By now, you may have heard that on Thursday, the European Central Bank shifted to a negative interest-rate policy for deposits.

That news may have prompted two thoughts: 1) Isn't that crazy? 2) Who cares what happens in Europe?

These questions have answers. But first, some background:

The European Central Bank's mission is to promote price stability and steady growth. So the ECB policymakers adjust interest rates in ways that can help keep wages and prices moving along on a very gentle upward slope.

Since the Great Recession slammed into Europe more than five years ago, that goal has been hard to achieve. With unemployment still so high in so many countries, European employers have not seen any need to raise wages to keep or attract workers.

And at the same time, consumers haven't had much money to spend, so prices have been depressed. When prices start falling, consumers hold back even more on their spending, waiting for goods to keep getting cheaper. This deflationary pattern can create a downward spiral for the whole economy.

Right now, inflation is running at around 0.5 percent in the euro area, approaching stall speed. So the ECB is determined to get the economy moving fast enough to get wages and prices to perk up too.

That brings us to Thursday's announcement. The ECB said that from now on, if a bank wants to deposit surplus cash with the central bank, it won't earn any interest. In fact, the bank will actually have to pay the ECB for the privilege of parking its cash.

That seems to turn the whole lending process on its head. Traditionally, when you deposit money, you earn interest, which seems to rank up there with the sun-rises-in-the-East rule.

By moving to negative interest rates on deposits, the ECB is pushing banks to stop hoarding surplus cash. It wants banks to lend that money to businesses to fund plant expansions, or to consumers for a new cars or homes.

In other words, the ECB is insisting that banks get money circulating in the real economy, not piling up in vaults.

But there's another reason for this negative-rate strategy. The ECB wants to push down eurozone interest rates in general to make it a less attractive place for global investors to put their cash.

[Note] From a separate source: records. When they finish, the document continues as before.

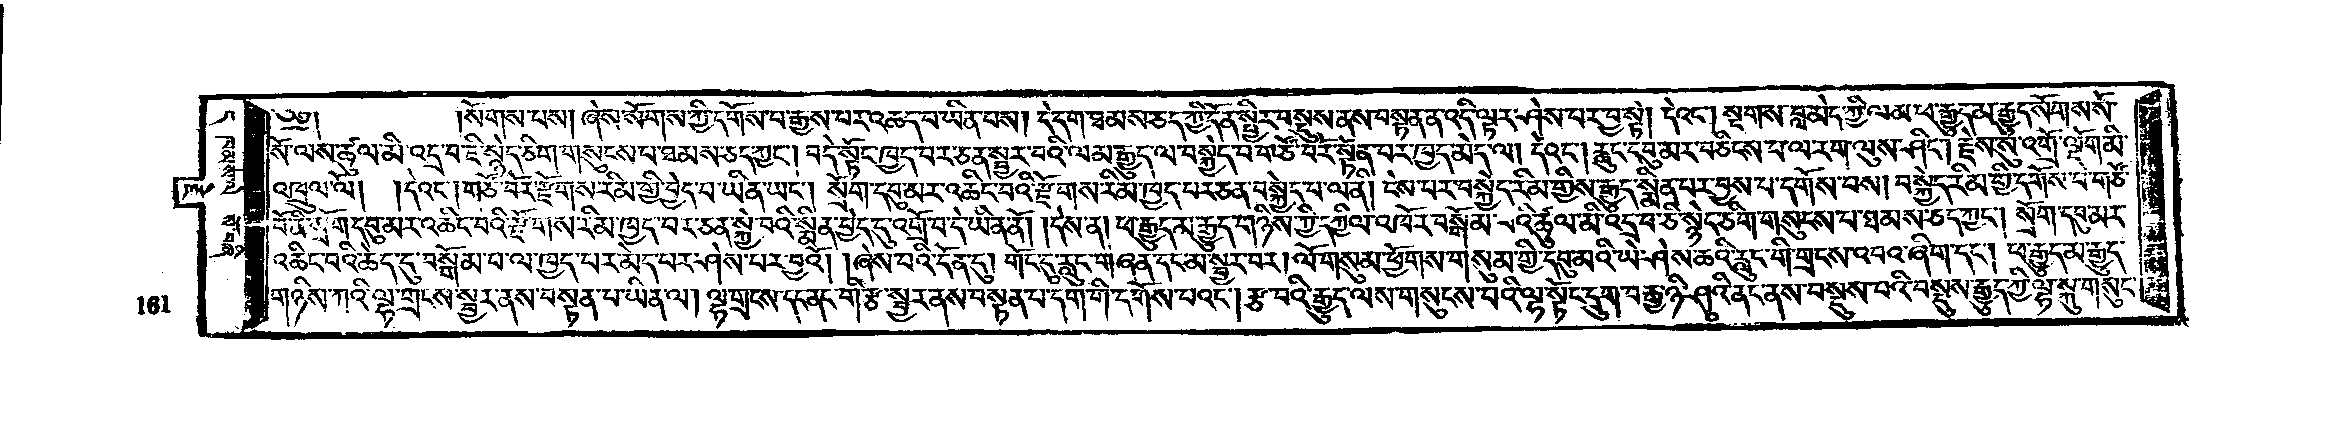༄༅། །སོགས་པས། ཞེས་སོགས་ཀྱི་དགོས་པ་རྒྱས་པར་འཆད་པ་ཡིན་པས། དེ་དག་ཐམས་ཅད་ཀྱི་དོན་སྤྱིར་བསྡུས་ནས་བསྟན་ན་འདི་ལྟར་ཤེས་པར་བྱ་སྟེ། དེའང་། སྔགས་བླ་མེད་ཀྱི་ལམ་ཕ་རྒྱུད་མ་རྒྱུད་སོགས་སོ་
སོ་ལས་ཚུལ་མི་འདྲ་བ་ཇི་སྙེད་ཅིག་གསུངས་པ་ཐམས་ཅད་ཀྱང་། བདེ་སྟོང་ཁྱད་པར་ཅན་སྦྱར་བའི་ལམ་རྒྱུད་ལ་བསྐྱེད་པ་གཙོ་བོར་སྟོན་པར་ཁྱད་མེད་ལ། དེའང་། རླུང་དབུ་མར་བཅིངས་པ་ལ་རག་ལུས་ཤིང་། རྗེས་སུ་འགྲོ་ལྡོག་མི་
འཁྲུལ་ལོ། །དེའང་། གཙོ་བོར་རྫོགས་རིམ་གྱི་བྱེད་པ་ཡིན་ཡང་། སྲོག་དབུ་མར་འཆིང་བའི་རྫོགས་རིམ་ཁྱད་པར་ཅན་བསྐྱེད་པ་ལ་ནི། ངེས་པར་བསྐྱེད་རིམ་གྱིས་རྒྱུད་སྨིན་པར་བྱས་པ་དགོས་པས། བསྐྱེད་རིམ་གྱི་དགོས་པ་གཙོ་
བོ་ནི་སྲོག་དབུ་མར་འཆིང་བའི་རྫོགས་རིམ་ཁྱད་པར་ཅན་སྐྱེ་བའི་སྨིན་བྱེད་དུ་འགྲོ་བ་དེ་ཡིན་ནོ། །དེས་ན། ཕ་རྒྱུད་མ་རྒྱུད་གཉིས་ཀྱི་དཀྱིལ་འཁོར་བསྒོམ་པའི་ཚུལ་མི་འདྲ་བ་ཅི་སྙེད་ཅིག་གསུངས་པ་ཐམས་ཅད་ཀྱང་། སྲོག་དབུ་མར་
འཆིང་བའི་ཆེད་དུ་བསྒོམ་པ་ལ་ཁྱད་པར་མེད་པར་ཤེས་པར་བྱའོ། །ཞེས་པའི་དོན་དུ། གོང་དུ་རླུང་གཞན་དང་མ་སྦྱར་བར། ལོ་གསུམ་ཕྱོགས་གསུམ་གྱི་དབུ་མའི་ཡེ་ཤེས་ཆའི་རླུང་གི་གྲངས་འབའ་ཞིག་དང་། ཕ་རྒྱུད་མ་རྒྱུད་
གཉིས་ཀའི་ལྷ་གྲངས་སྦྱར་ནས་བསྟན་པ་ཡིན་ལ། ལྷ་གྲངས་དང་ནང་གི་རྩ་སྦྱར་ནས་བསྟན་པ་དག་གི་དགོས་པའང་། རྩ་བའི་རྒྱུད་ལས་གསུངས་པའི་ལྷ་སྟོང་དྲུག་བརྒྱ་ཉི་ཤུའི་ནང་ནས་བསྡུས་པའི་བསྡུས་རྒྱུད་ཀྱི་ལྷ་སྐུ་གསུང་

As those investors move their money over to the United States in search of higher interest rate returns, the euro will get weaker and the dollar stronger. In fact, that's exactly what happened after the ECB announcement: The value of the euro slid against the dollar, down to a four-month low of about $1.35. That is well below the 2 1/2-year high of about $1.40.

A weaker euro would help European manufacturers sell their goods for less in the global marketplace.

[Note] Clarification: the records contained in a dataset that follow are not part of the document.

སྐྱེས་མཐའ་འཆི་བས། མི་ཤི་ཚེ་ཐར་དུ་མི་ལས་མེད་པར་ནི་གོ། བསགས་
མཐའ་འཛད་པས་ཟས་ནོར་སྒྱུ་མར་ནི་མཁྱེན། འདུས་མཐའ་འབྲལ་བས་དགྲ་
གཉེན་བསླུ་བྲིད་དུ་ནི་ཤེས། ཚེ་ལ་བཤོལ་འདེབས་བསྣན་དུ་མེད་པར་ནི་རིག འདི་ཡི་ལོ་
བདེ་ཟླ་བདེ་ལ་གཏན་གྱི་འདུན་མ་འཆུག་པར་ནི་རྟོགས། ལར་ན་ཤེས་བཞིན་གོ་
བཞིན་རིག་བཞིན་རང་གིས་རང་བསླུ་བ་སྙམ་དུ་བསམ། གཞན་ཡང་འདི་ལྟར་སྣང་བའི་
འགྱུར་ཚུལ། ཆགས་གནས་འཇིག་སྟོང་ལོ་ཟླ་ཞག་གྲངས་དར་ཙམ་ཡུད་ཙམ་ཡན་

And that was exactly the point. The ECB's action was intended "to be a signal that the euro's value has been way too high," said Alexander Privitera, director of the economics program at the American Institute for Contemporary German Studies.

While a weaker euro could make life a bit tougher for U.S. exporters in the short term, it could help revive the European economy — and that ultimately would create a healthier European market for U.S. goods and services.

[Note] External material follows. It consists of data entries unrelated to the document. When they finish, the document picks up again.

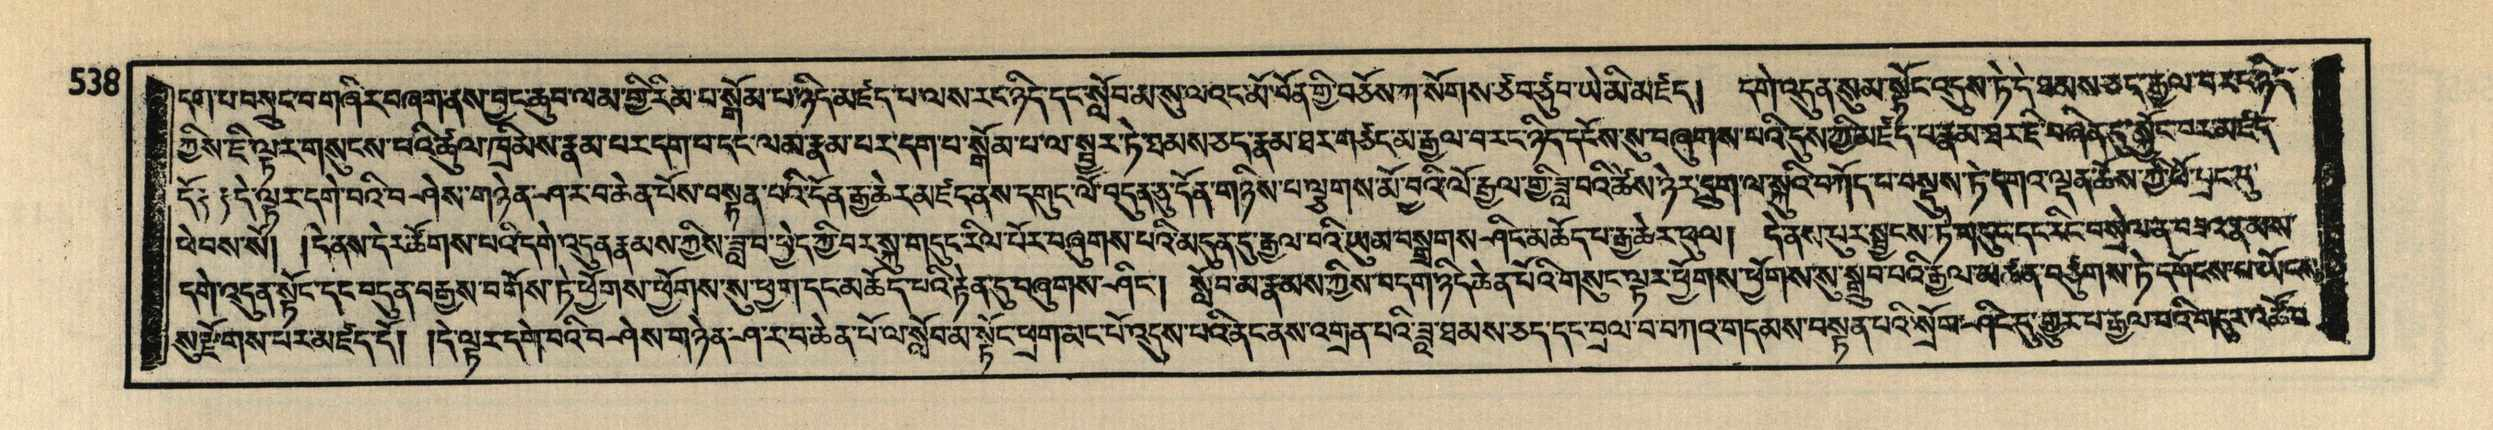དག་པ་བསྲུང་བ་གཞིར་བཞག་ནས་བྱང་ཆུབ་ལམ་གྱི་རིམ་པ་སྒོམ་པ་ཉིད་མཛད་པ་ལས་རང་ཉིད་དང་སློབ་མ་སུ་ལའང་མོ་བོན་གྱི་བཅོས་ཀ་སོགས་ཙབ་ཙུབ་ཡེ་མི་མཛད། དགེ་འདུན་སུམ་སྟོང་འདུས་ཏེ་དེ་ཐམས་ཅད་རྒྱལ་བ་རང་ཉིད་
ཀྱིས་ཇི་ལྟར་གསུངས་པའི་ཚུལ་ཁྲིམས་རྣམ་པར་དག་པ་དང་ལམ་རྣམ་པར་དག་པ་སྒོམ་པ་ལ་སྦྱར་ཏེ་ཐམས་ཅད་རྣམ་ཐར་གཙང་མ་རྒྱལ་བ་རང་ཉིད་དངོས་སུ་བཞུགས་པའི་དུས་ཀྱི་མཛད་པ་རྣམ་ཐར་ཇི་བཞིན་དུ་སྐྱོང་བར་མཛད་
དོ༑ ༑དེ་ལྟར་དགེ་བའི་བཤེ་གཉེན་ཤ་ར་བ་ཆེན་པོས་བསྟན་པའི་དོན་རྒྱ་ཆེར་མཛད་ནས་དགུང་ལོ་བདུན་ཅུ་དོན་གཉིས་པ་ལྕགས་མོ་བྱའི་ལོ་རྒྱལ་གྱི་ཟླ་བའི་ཚེས་ཉེར་དྲུག་ལ་སྐུའི་བཀོད་པ་བསྡུས་ཏེ་དགའ་ལྡན་ཆོས་ཀྱི་ཕོ་བྲང་དུ་
ཕེབས་སོ། །དེ་ནས་དེར་ཚོགས་པའི་དགེ་འདུན་རྣམས་ཀྱིས་ཟླ་བ་ཕྱེད་ཀྱི་བར་སྐུ་གདུང་རིལ་པོར་བཞུགས་པའི་མདུན་དུ་རྒྱལ་བའི་ཡུམ་བསྒྲགས་ཤིང་མཆོད་པ་རྒྱ་ཆེར་ཕུལ། དེ་ནས་པུར་སྦྱངས་ཏེ་གདུང་དང་རིང་བསྲེལ་ན་བཟའ་རྣམས་
དགེ་འདུན་སྟོང་དང་བདུན་བརྒྱས་བགོས་ཏེ་ཕྱོགས་ཕྱོགས་སུ་ཕྱག་དང་མཆོད་པའི་རྟེན་དུ་བཞུགས་ཤིང་། སློབ་མ་རྣམས་ཀྱིས་བདག་ཉིད་ཆེན་པོའི་གསུང་ལྟར་ཕྱོགས་ཕྱོགས་སུ་སྒྲུབ་པའི་རྒྱལ་མཚན་བཙུགས་ཏེ་དགོངས་པ་ཡོངས་
སུ་རྫོགས་པར་མཛད་དོ། །དེ་ལྟར་དགེ་བའི་བཤེས་གཉེན་ཤ་ར་བ་ཆེན་པོ་ལ་སློབ་མ་སྟོང་ཕྲག་མང་པོ་འདུས་པའི་ནང་ནས་འགྲན་པའི་ཟླ་ཐམས་ཅད་དང་བྲལ་བ་བཀའ་གདམས་བསྟན་པའི་སྲོག་ཤིང་དུ་གྱུར་པ་རྒྱལ་བའི་གདུར་འཚོ་བ་

"On balance, it would be good for the United States if Europe's economy strengthens," Privitera said.

Robert Kahn, a fellow at the Council on Foreign Relations, was more skeptical about the likelihood of reviving the European economy. "These moves will be largely ineffective," he said.

Kahn says the ECB needs to take much more aggressive actions, similar to those taken by the U.S. Federal Reserve. That would involve massive asset purchases to create more liquidity in financial markets, he said.

But most economists cheered the ECB action.

"This is a long overdue step and signals that the ECB may finally be taking seriously the dangerous consequences of deflation," Cornell University economics professor Steven Kyle said in a statement. "It certainly shows a clear break with past attitudes and should be applauded."

So, to answer those two questions originally posed:

1) Pushing interest rates to less than zero is a little crazy, but for Europe, it just might work.